Nemosor (12)

Nemosor (12)

Le noyau était véritablement le point central du bâtiment administratif. Tout comme ce dernier, la salle avait une forme dodécaédrique, donnant à l’ensemble une architecture fractale. Les douze faces du Noyau étaient recouvertes de machines et d’écran, toutes émettant un bourdonnement qui en devenait presque assourdissant. Même le sol, protégé par une dalle de verre renfermait une partie de la machine. A l’intérieur de ces murs se trouvait regroupé l’ensemble du savoir des mages, un fait qui imposait à tous les visiteurs un silence révérencieux.

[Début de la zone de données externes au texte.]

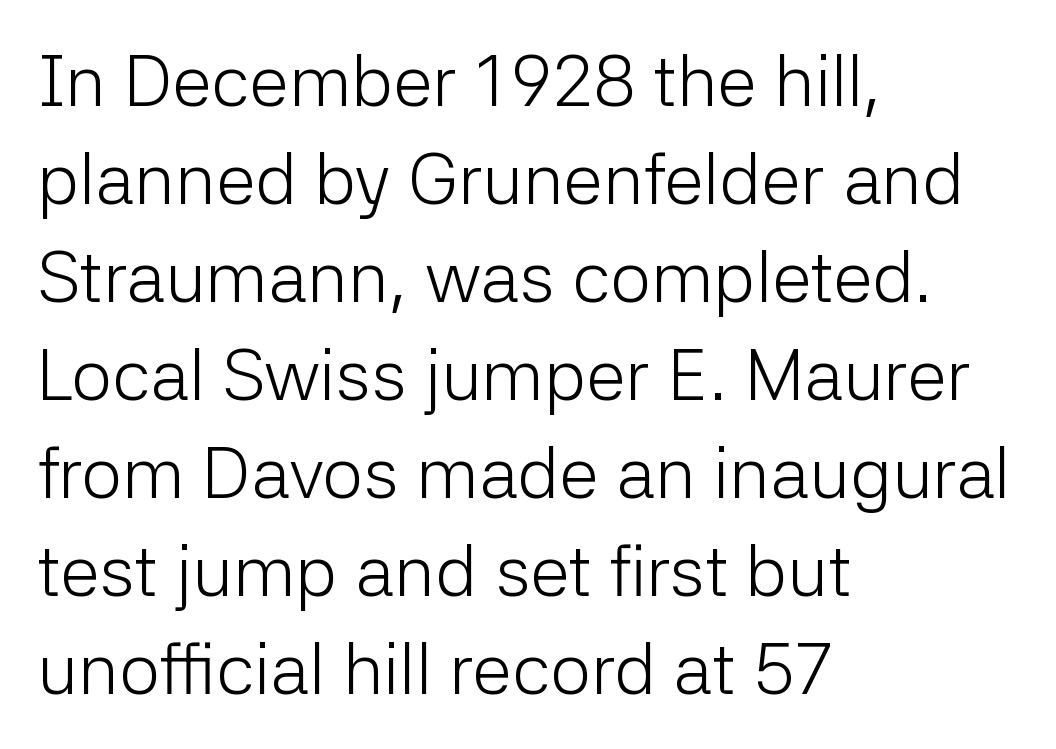
The image shows 72 px light sans-serif type, upright; set left-aligned, normal line spacing (1.36x), normal letter spacing, not underlined; low stroke contrast and a medium x-height.
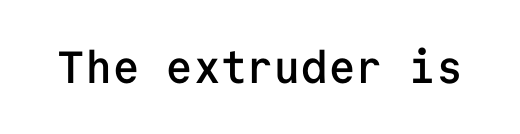
Q: Is the text bold? A: Semi-bold.
Q: Is the text italic (slanted)? A: No, it is upright.
Q: Is the typeface a serif or a sans-serif typeface? A: Sans-serif.
Q: Is the text underlined? A: No.
Q: Is the spacing between letters normal or unusually wide? A: Normal.
Q: Width (condensed, normal, or wide)? A: Normal.
Q: Stroke contrast? A: Low.
Q: x-height? A: Medium.
Q: Monospaced? A: Yes.
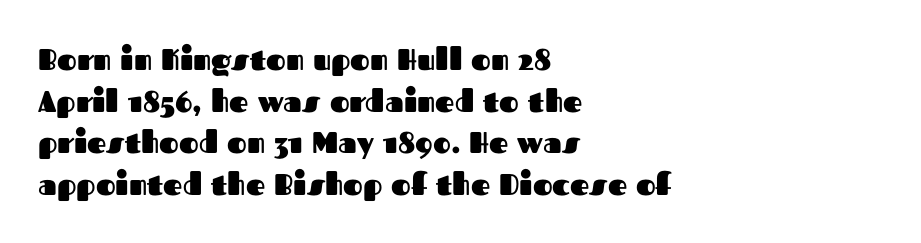
Q: Is the text bold? A: Yes.
Q: Is the text italic (slanted)? A: No, it is upright.
Q: Is the typeface a serif or a sans-serif typeface? A: Sans-serif.
Q: Is the text underlined? A: No.
Q: How is the paragraph aligned? A: Left-aligned.
Q: Is the spacing between letters normal or unusually wide? A: Normal.
Q: Is the spacing between lines tight, normal or loose? A: Normal.
Q: Width (condensed, normal, or wide)? A: Normal.
Q: Stroke contrast? A: Medium.
Q: x-height? A: Medium.
Q: Monospaced? A: No.
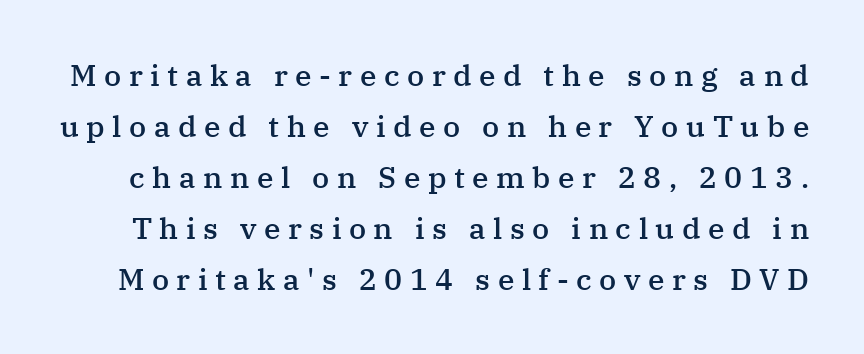
The image shows 30 px semibold serif type, upright; set normal line spacing (1.7x), unusually wide letter spacing (+0.25 em), not underlined; medium stroke contrast and a medium x-height.
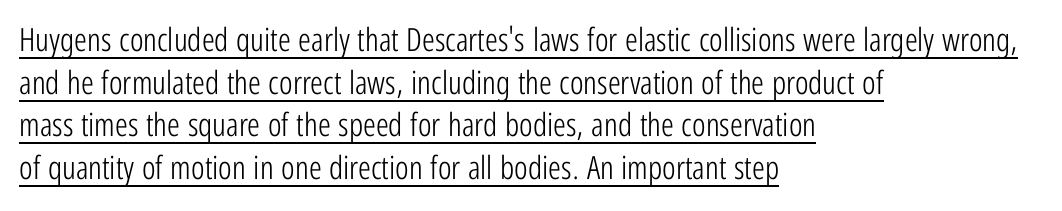
The axis of the letterforms is exactly vertical. Each line of the rendering has a horizontal stroke beneath the glyphs. No extra ink here — the face is not bold. This rendering leaves character spacing at its baseline value.
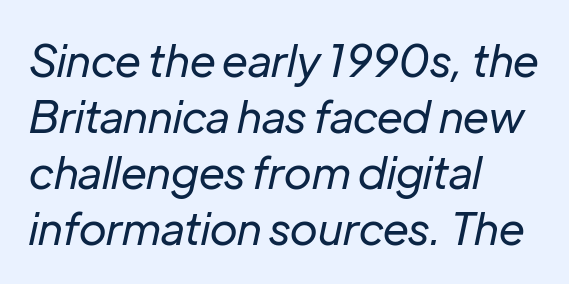
{"italic": "yes", "lean": "right", "slant_degrees": 12, "bold": "no", "weight": "regular", "width": "normal", "stroke_contrast": "low", "x_height": "medium", "monospaced": "no", "underline": "no", "align": "left", "line_spacing": "normal", "line_spacing_ratio": 1.27, "letter_spacing": "normal", "letter_spacing_em": 0.0, "glyph_px": 44}
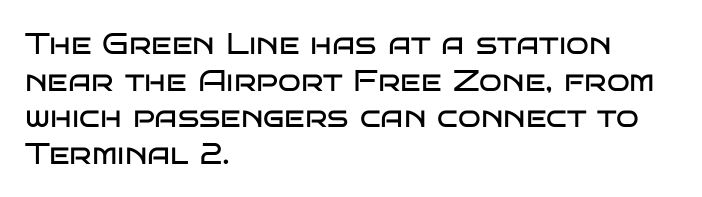
Just letters on the line, the space beneath them empty. If you drew a line through each stem, it would be perfectly vertical. The typesetting does not lean heavy: it is not bold. The letters sit at their default tracking, neither squeezed nor spread.
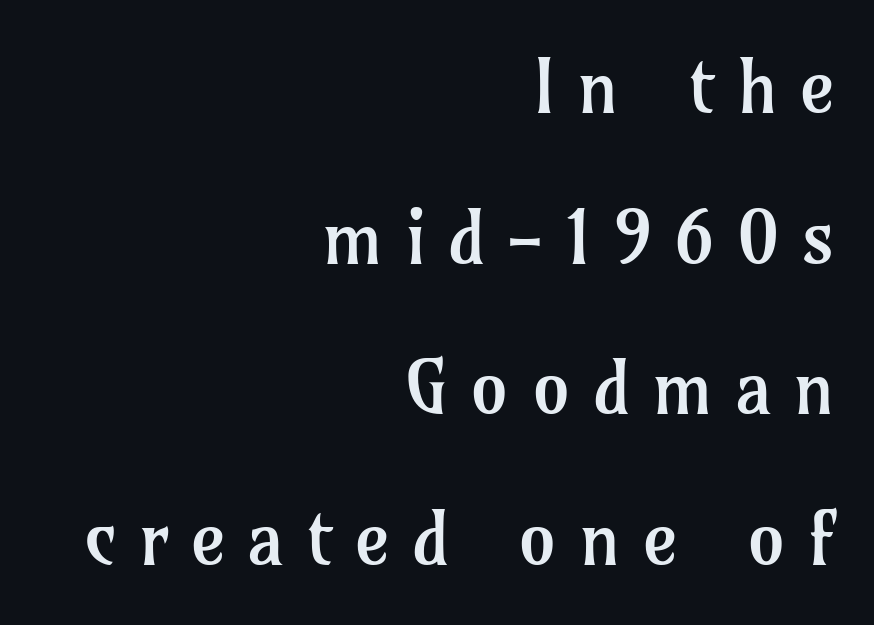
Q: Is the text bold? A: No.
Q: Is the text italic (slanted)? A: No, it is upright.
Q: Is the typeface a serif or a sans-serif typeface? A: Serif.
Q: Is the text underlined? A: No.
Q: How is the paragraph aligned? A: Right-aligned.
Q: Is the spacing between letters normal or unusually wide? A: Unusually wide.
Q: Is the spacing between lines tight, normal or loose? A: Loose.
Q: Width (condensed, normal, or wide)? A: Normal.
Q: Stroke contrast? A: Low.
Q: x-height? A: Medium.
Q: Monospaced? A: No.
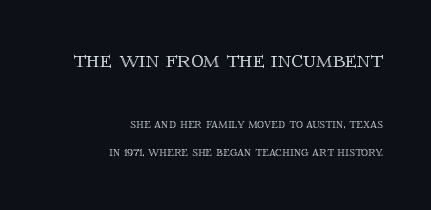
The earlier block is typeset at a bigger size than the later block. Teacher's note: observe the even right margin — that is flush-right alignment. Beneath every word, the page is bare. Inter-character spacing is left at the font's built-in metrics. You can tell it's not italic because the verticals are truly vertical. In terms of leading, this rendering errs on the spacious side.
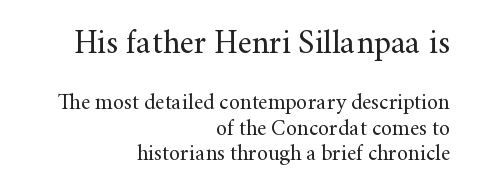
Here the designer chose a conventional face with non-uniform glyph widths. The specimen reads as upright at a glance. How are the letters spaced? Ordinarily, with no added tracking. The typeface chosen for these lines features serifs.
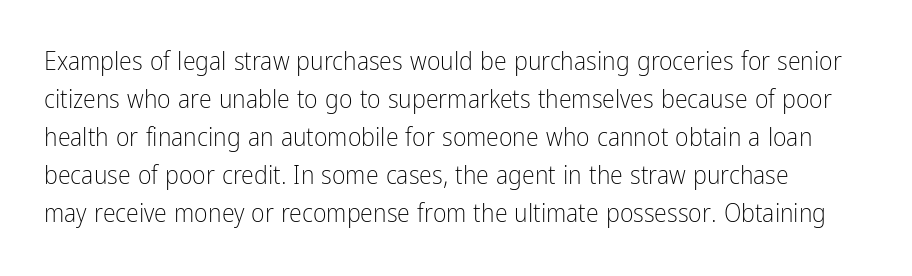
Q: Is the text bold? A: No.
Q: Is the text italic (slanted)? A: No, it is upright.
Q: Is the text underlined? A: No.
Q: Is the spacing between letters normal or unusually wide? A: Normal.
Q: Is the spacing between lines tight, normal or loose? A: Normal.
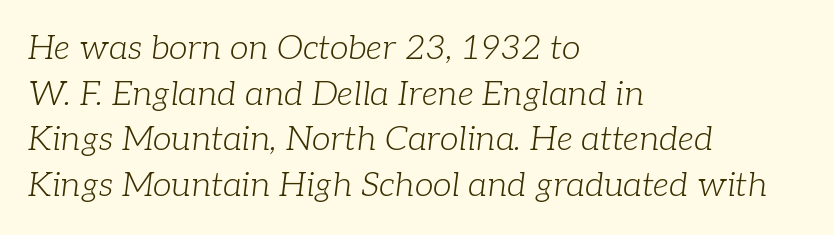
{"serif": "yes", "italic": "yes", "lean": "right", "slant_degrees": 7, "bold": "no", "weight": "light", "width": "normal", "stroke_contrast": "low", "x_height": "medium", "monospaced": "no", "underline": "no", "align": "left", "line_spacing": "normal", "line_spacing_ratio": 1.34, "letter_spacing": "normal", "letter_spacing_em": 0.0, "glyph_px": 34}

Nemosor n’aurait jamais crû pouvoir pénétrer un jour dans ce saint des saints et malgré les circonstances hautement inhabituelles et urgentes qui entouraient sa visite,  le jeune homme ne put s’empêcher de marquer une pause.

Il fut cependant vite ramené à la réalité : la salle, qui était sensée rester vide en temps normal, contenait déjà une présence humaine, en plus de Nemosor et du capitaine Semorel. Egidor les avait devancé et était en train de travailler sur une des machines, Codelia à ses côtés.

Il ne fallut pas longtemps à Nemosor pour se rendre compte que la jeune fille n’était pas là de son plein gré. Elle était bâillonnée, ses mains ligotées, une corde les reliant au poignet d’Egidor. Ce dernier se rendit quasi-instantanément compte de la présence de Nemosor et du capitaine. A leur approche, il leva sa main, qui contenait un petit appareil.

« N’approchez plus ! J’ai recouvert Codelia d’une ceinture de poudre explosive, que je peux faire sauter d’une simple pression sur ce détonateur. Vous pourrez alors dire adieu à Codelia et à votre précieux Noyau. Je savais que tu préviendrais la sécurité, Nemosor, et je suis venu préparé, comme tu peux le voir. »

C’est à ce moment que Nemosor remarqua que son ami portait une tenue de pilote de dragon, combinaison qui apportait une excellente protection contre le feu. Ce fait plus que tout autre convainquit le jeune homme que la menace d’Egidor était sérieuse. Jusqu’où était-il donc prêt à aller pour accomplir ce qu’il croyait être sa mission ? Nemosor tenta tout de même une dernière fois de le raisonner.

« Je t’en prie, Egidor : arrête cette folie avant que quelqu’un ne soit blessé. Même si tu parviens à sortir d’ici  avec l’information que tu souhaites, tu ne pourras jamais terminer ta machine maintenant que la garde pourpre est au courant. »

« Ça c’est ce que tu crois. Permets-moi de douter de la capacité de la garde à déjouer mon plan. »

Ce fut le capitaine Semorel qui répondit.

« Ne soyez pas stupide. Nous sommes parfaitement au courant de la présence de mages noirs au sein de Dafakin, et à l’heure qu’il est mes hommes doivent déjà être en train de les arrêter. Vous n’avez aucune chance. »

Un éclair de colère passa devant les yeux d’Egidor.

« C’est ce que nous verrons », dit-il simplement. Il retourna alors à son travail. Ni Nemosor ni Semorel n’osaient s’approcher. D’autres gardes étaient entrés, mais le capitaine leur avait fait signe de s’arrêter, conscient du danger qu’ils risquaient.

Ce statu quo dura une dizaine de minutes qui parurent une éternité à Nemosor. Egidor finit alors par se relever et poussa d’un geste Codelia, coupant la corde qui la reliait à lui. Il lâcha alors un « Merci de votre coopération. » sarcastique avait de disparaître dans un éclair aveuglant. Le téléporteur, bien entendu.

Malgré son désir de réconforter Codelia, Nemosor n’avait pas le temps de s’attarder sur le sort de la jeune fille. Dans un éclair de lucidité, il avait deviné le plan d’Egidor, et il fallait agir vite s’il voulait le contrecarrer.

« Je suis certain qu’il se rend à la piste d’essai des dragons de la faculté des Sûblûnen. » dit-il au capitaine Semorel. « Il a probablement l’intention de voler un dragon pour s’enfuir de Dafakin. »

Le capitaine regarda le jeune homme d’un air surpris puis répondit au bout d’un moment.

« Cela parait en effet logique. Les téléporteurs sont difficile à utiliser sur de grande distances, car notre maîtrise de la grille dimensionnelle est bien plus faible que celle des Anciens. Votre ami va donc en effet chercher un autre moyen de transport, et sa tenue est un indice en faveur de votre hypothèse. Suivez-moi ! »

Tous deux se mirent alors à courir hors du noyau, laissant sur place Codelia et les gardes pourpres qui attendaient toujours des ordres de leur chef.  Une fois hors du bâtiment administratif,  Ils se précipitèrent en direction de la faculté des Sûblûnen.